Os abrigos improvisados ​​são feitos de tecidos, lonas, cobertores, papelão e até velhos sacos de arroz. Eles dificilmente suportam o vento e a chuva. À noite, as famílias são obrigadas a permanecer acordadas, mantendo desesperadamente as suas tendas no lugar para não fugirem, enquanto a água penetra por baixo, encharcando os seus colchões, cobertores e outros pertences.

Muitas vezes, os abrigos são tão frágeis que a chuva os destrói, deixando em desespero famílias que já perderam tudo. O preço das tendas e dos materiais para construir tendas improvisadas disparou, deixando aqueles cujos abrigos foram destruídos ou destruídos expostos aos elementos.

Alguns ficaram tão desesperados que regressaram às suas casas bombardeadas para se refugiarem. Mesmo que o edifício esteja tão danificado que possa desabar a qualquer momento, as pessoas permanecem nele, sem outra escolha.

Ficar aquecido também é quase impossível. A madeira tornou-se inacessível para muitos; 1kg agora custa US$ 9. Aqueles que não têm condições de comprá-lo têm de começar a procurá-lo eles próprios – uma tarefa exaustiva e cansativa. Mesmo que haja lenha suficiente para fazer fogo, isso não é suficiente para manter a família aquecida durante a noite gelada.

O que torna o frio do inverno ainda mais insuportável é a fome. Desde Outubro, os preços dos alimentos em Gaza dispararam. Um saco de farinha custa até US$ 200. A carne e o peixe desapareceram completamente dos mercados; legumes e frutas são escassos e a preços exorbitantes.

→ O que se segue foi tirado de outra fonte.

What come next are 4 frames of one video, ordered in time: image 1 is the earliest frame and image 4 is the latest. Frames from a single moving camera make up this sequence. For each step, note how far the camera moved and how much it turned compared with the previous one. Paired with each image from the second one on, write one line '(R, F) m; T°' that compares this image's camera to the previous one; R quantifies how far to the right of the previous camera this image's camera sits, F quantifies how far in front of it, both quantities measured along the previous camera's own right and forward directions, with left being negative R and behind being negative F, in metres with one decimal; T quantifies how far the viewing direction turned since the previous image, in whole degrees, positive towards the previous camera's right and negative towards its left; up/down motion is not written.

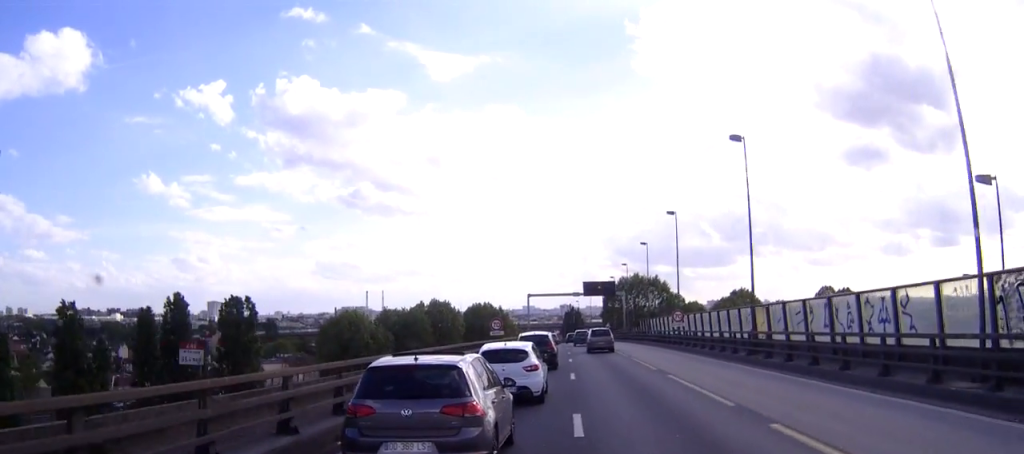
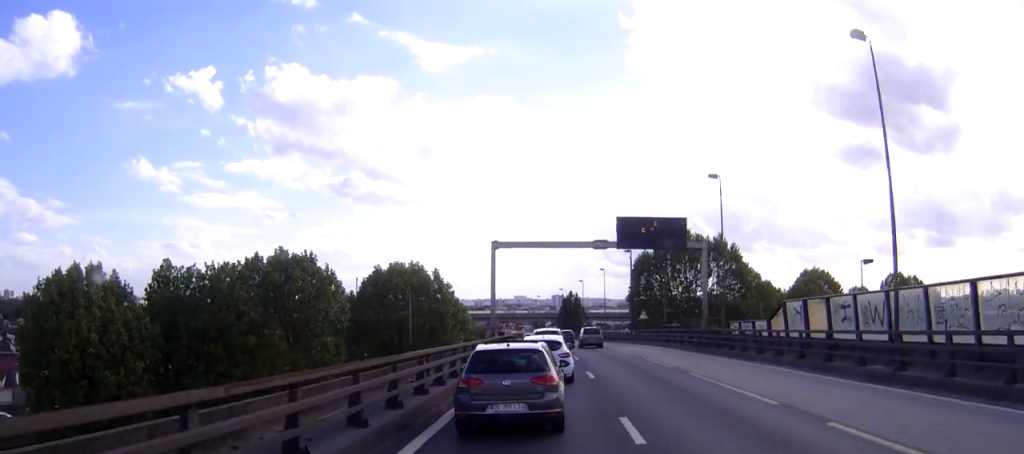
(-0.1, +52.5) m; 0°
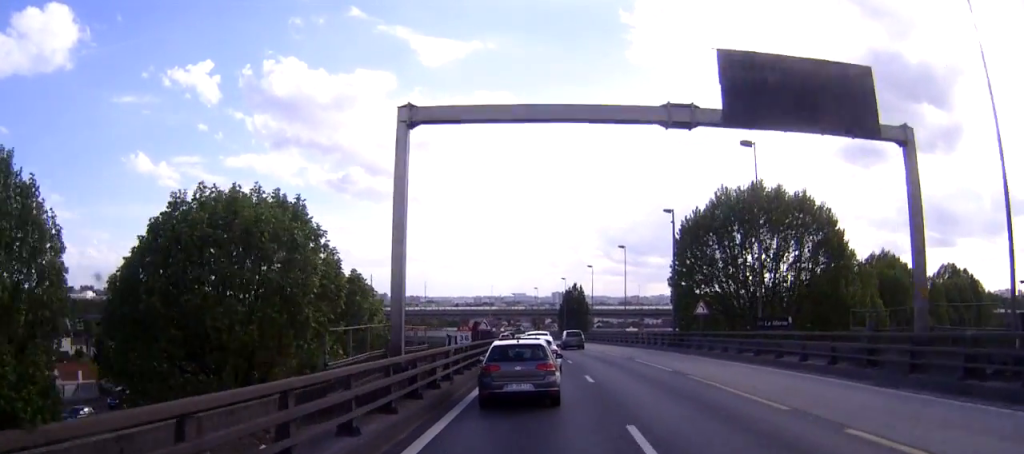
(0.0, +27.0) m; 0°
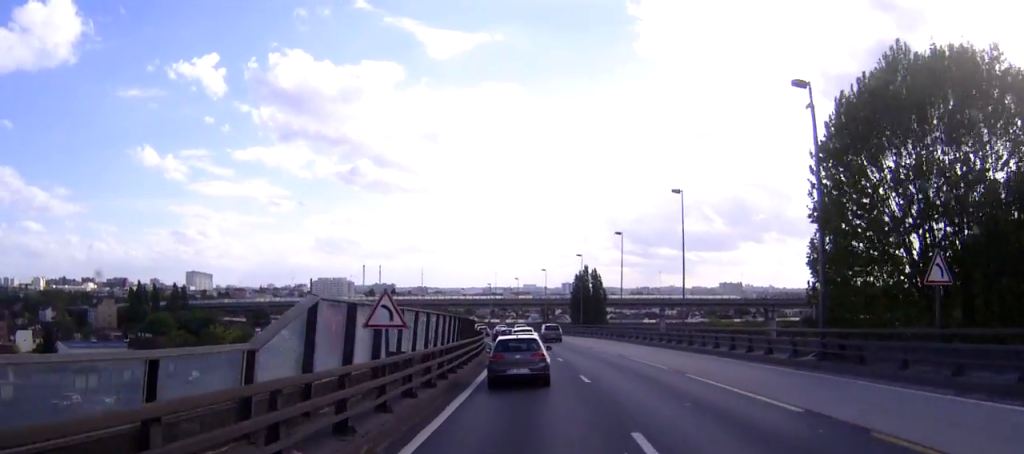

As padarias fecharam porque não têm suprimentos para assar. A UNRWA e o Programa Alimentar Mundial, que normalmente cuidam dos mais vulneráveis, não conseguem dar resposta à procura. As cozinhas populares distribuem refeições de grão de bico, lentilha e arroz, mas cada família recebe apenas um prato, que mal dá para uma pessoa.

À noite, em todos os campos de deslocados, ouvem-se os gritos das crianças famintas que imploram aos pais que lhes dêem comida.

As memórias do calor e da alegria que antes enchiam as casas durante o inverno em Gaza desapareceram. O desespero e a miséria reinam supremos no frio. O sofrimento do povo palestiniano parece não ter fim. Muitos sobrevivem com a esperança vacilante de que a guerra e o genocídio acabem, que os alimentos voltem a estar disponíveis e as pessoas tenham abrigo adequado. Esse khayr e baraka retornarão a Gaza um dia.

As opiniões expressas neste artigo são do próprio autor e não refletem necessariamente a posição editorial da Al Jazeera.